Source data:
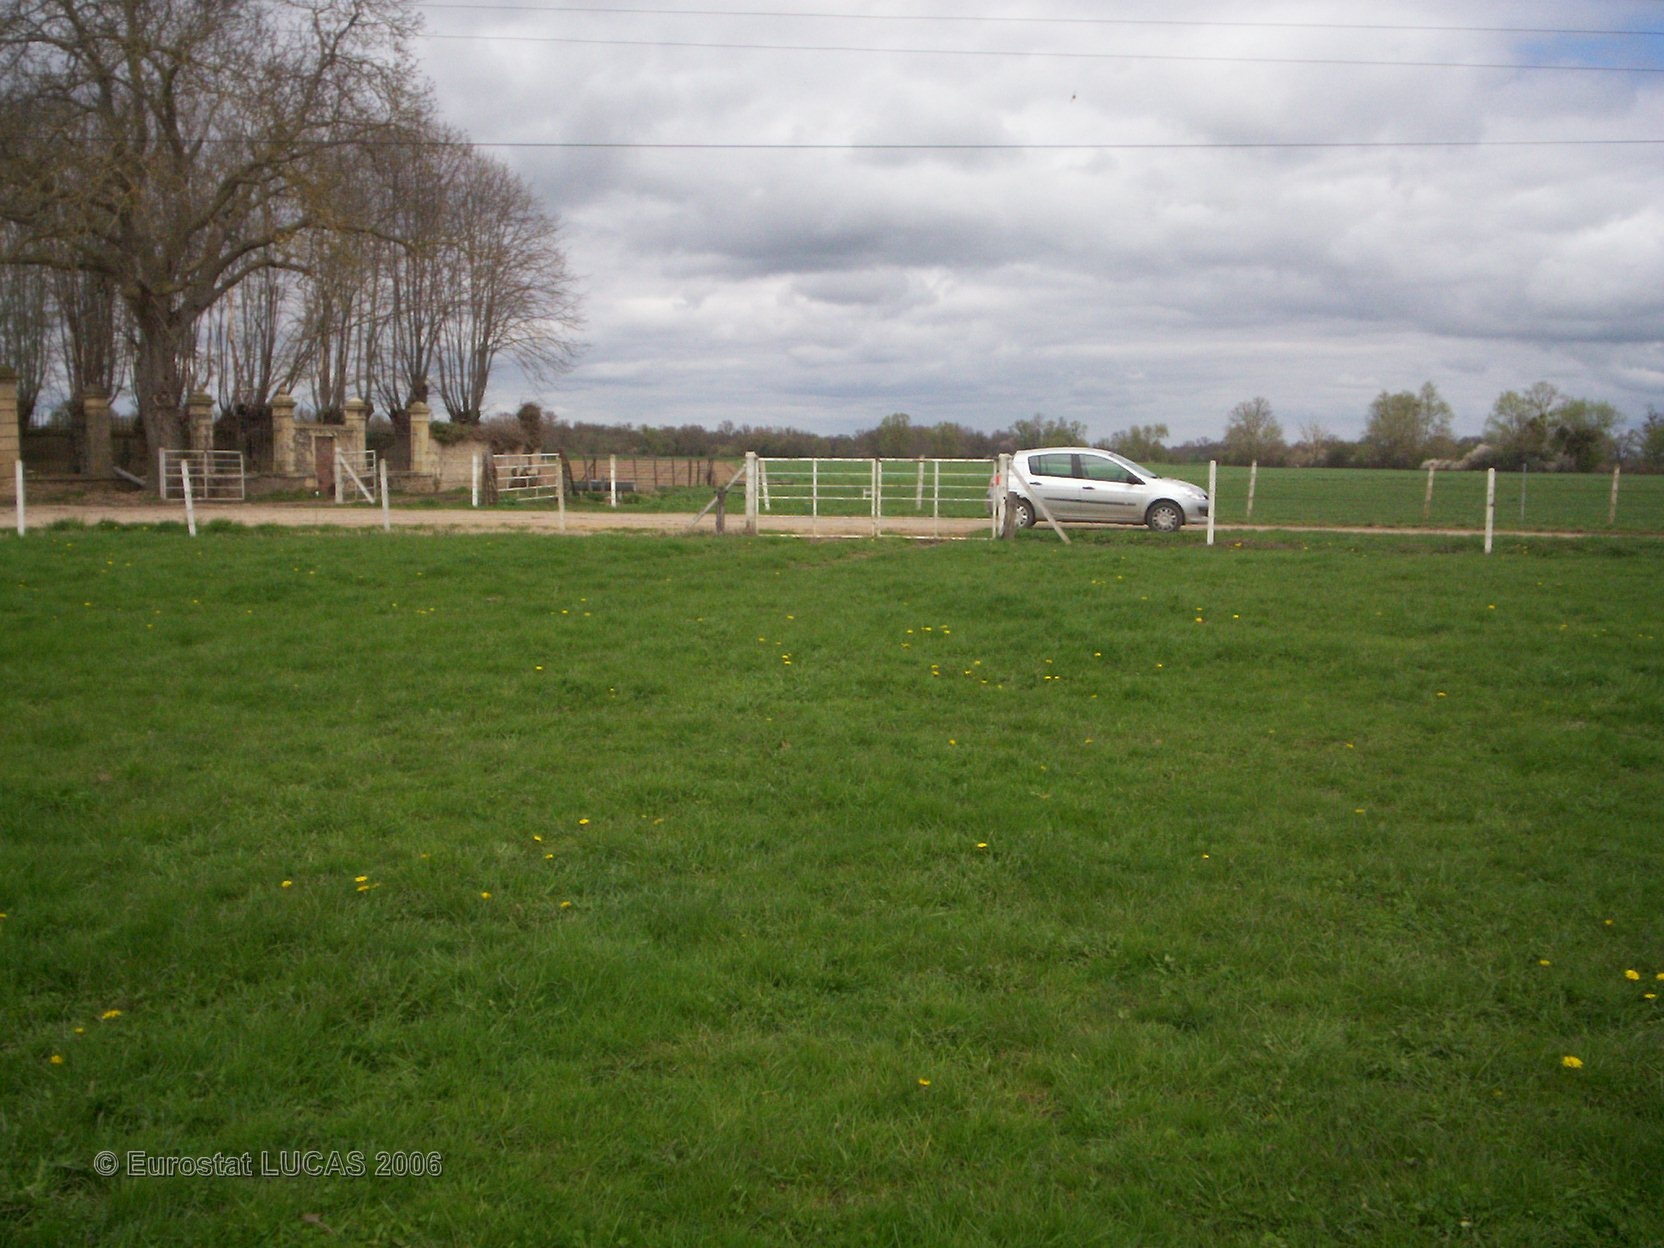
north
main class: Grassland
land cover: Grassland without tree/shrub cover
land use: Agriculture (excluding fallow land and kitchen gardens)
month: April
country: FR
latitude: 46.7931
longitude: 3.0399
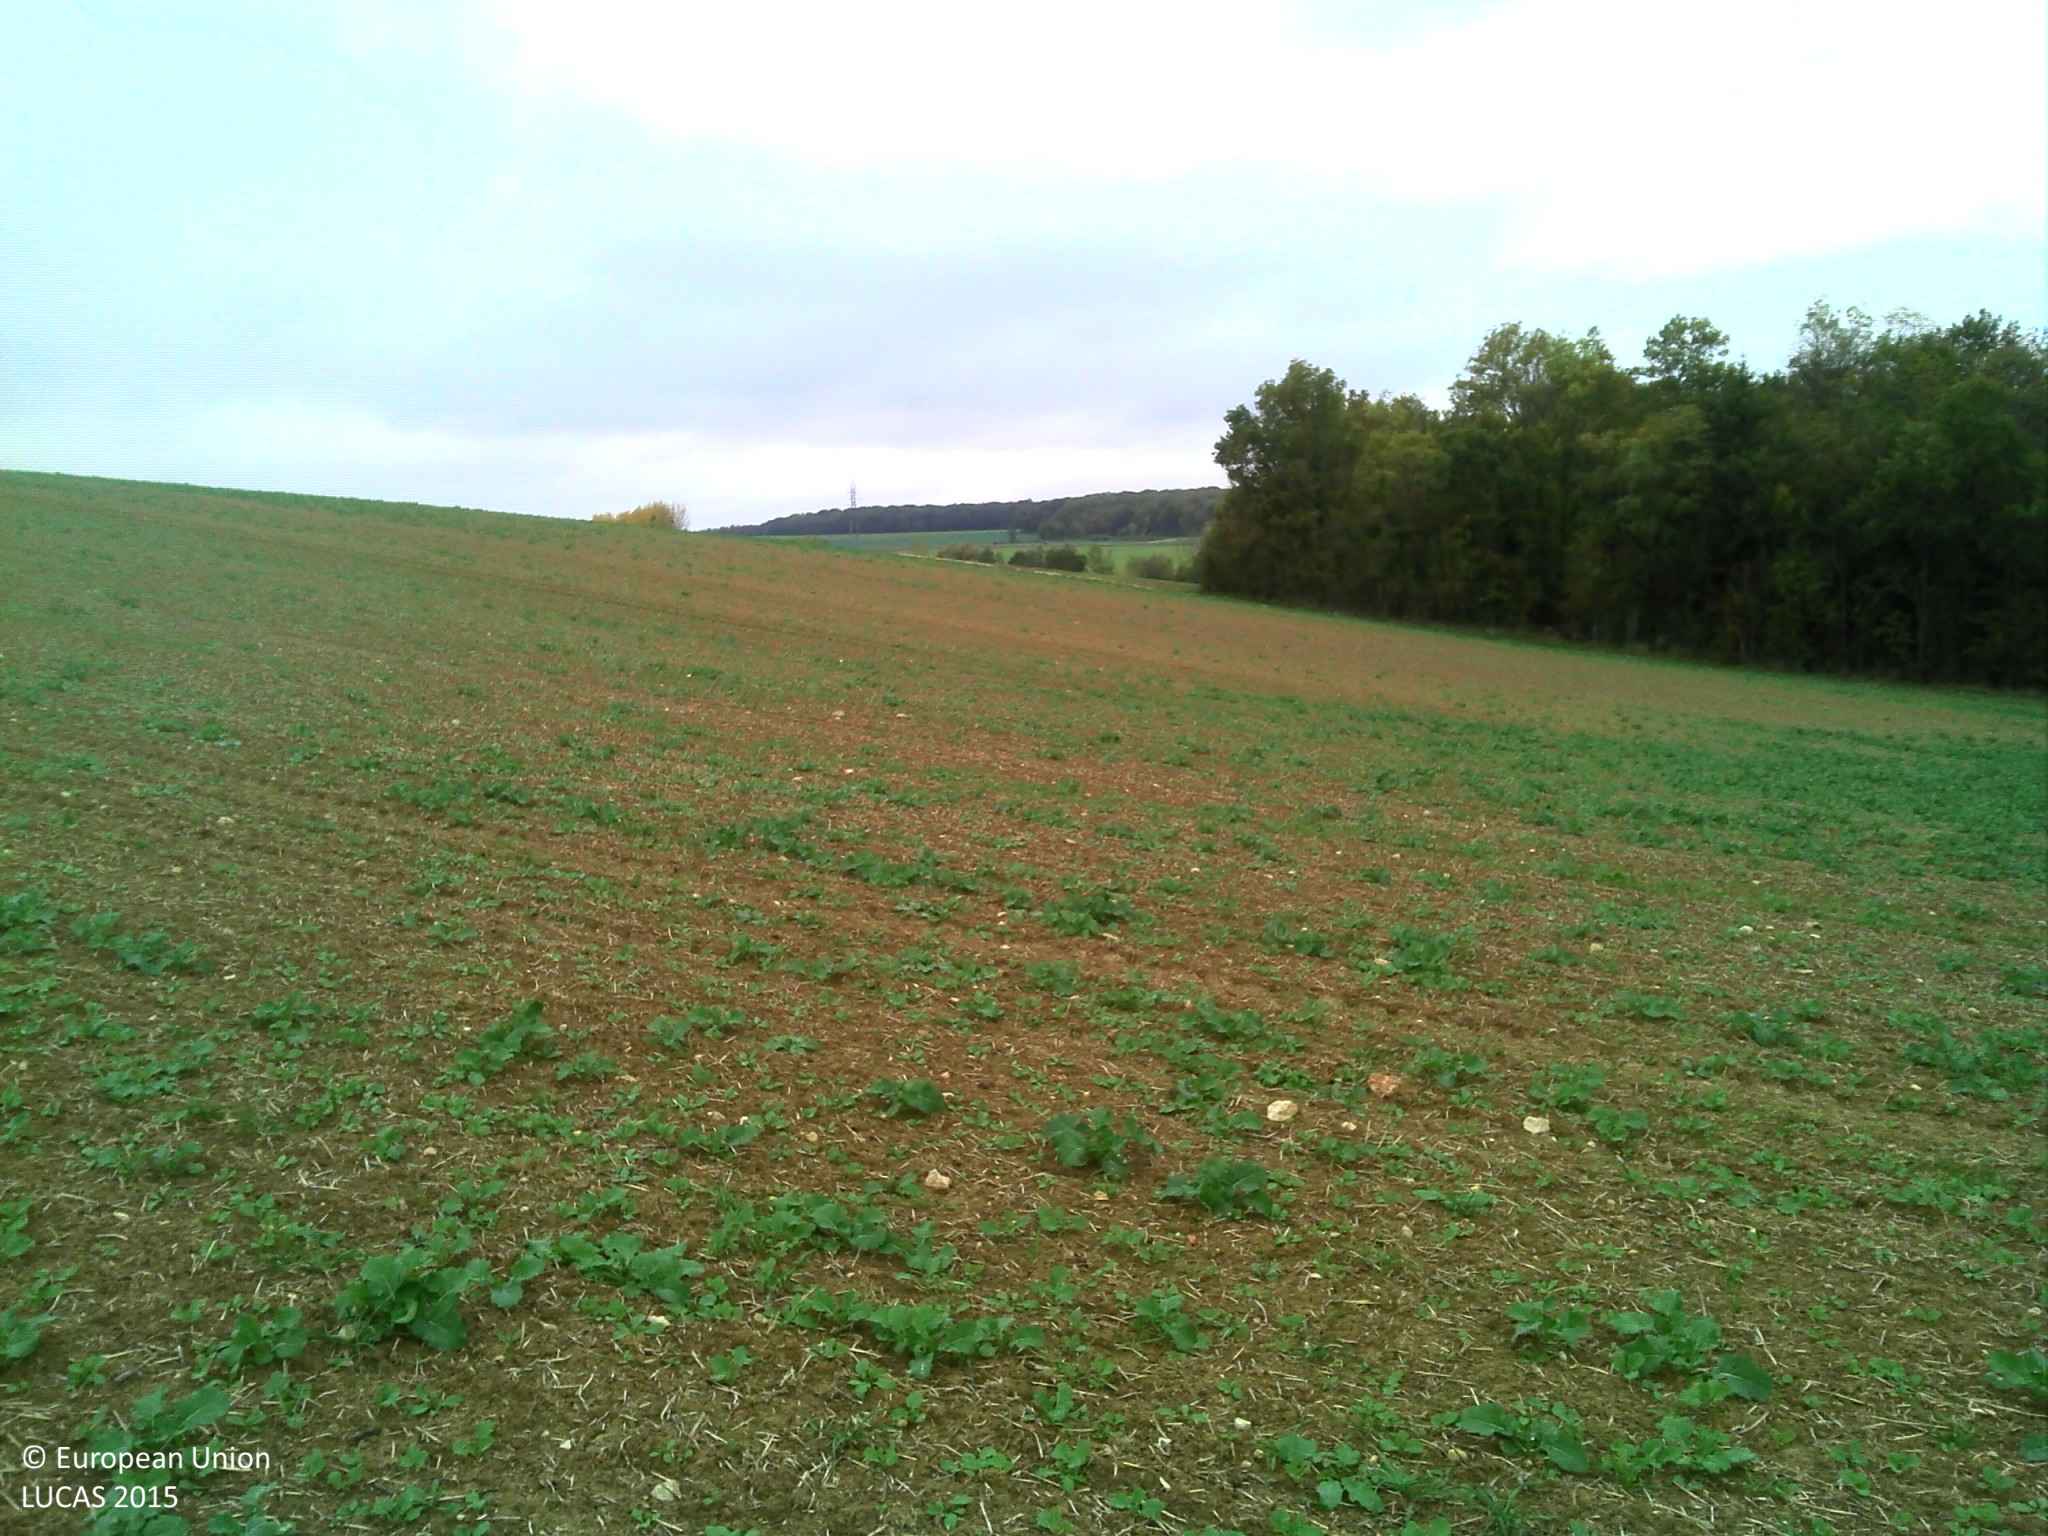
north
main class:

# [EXERCISE DETAILS]
All lines from the one containing "land use: Agriculture" through the final line of the records are to be retyped exactly; no other lines and no pictures are to be included.

# [RESPONSE]
land use: Agriculture (excluding fallow land and kitchen gardens)
month: April
country: FR
latitude: 46.7931
longitude: 3.0399
north
main class:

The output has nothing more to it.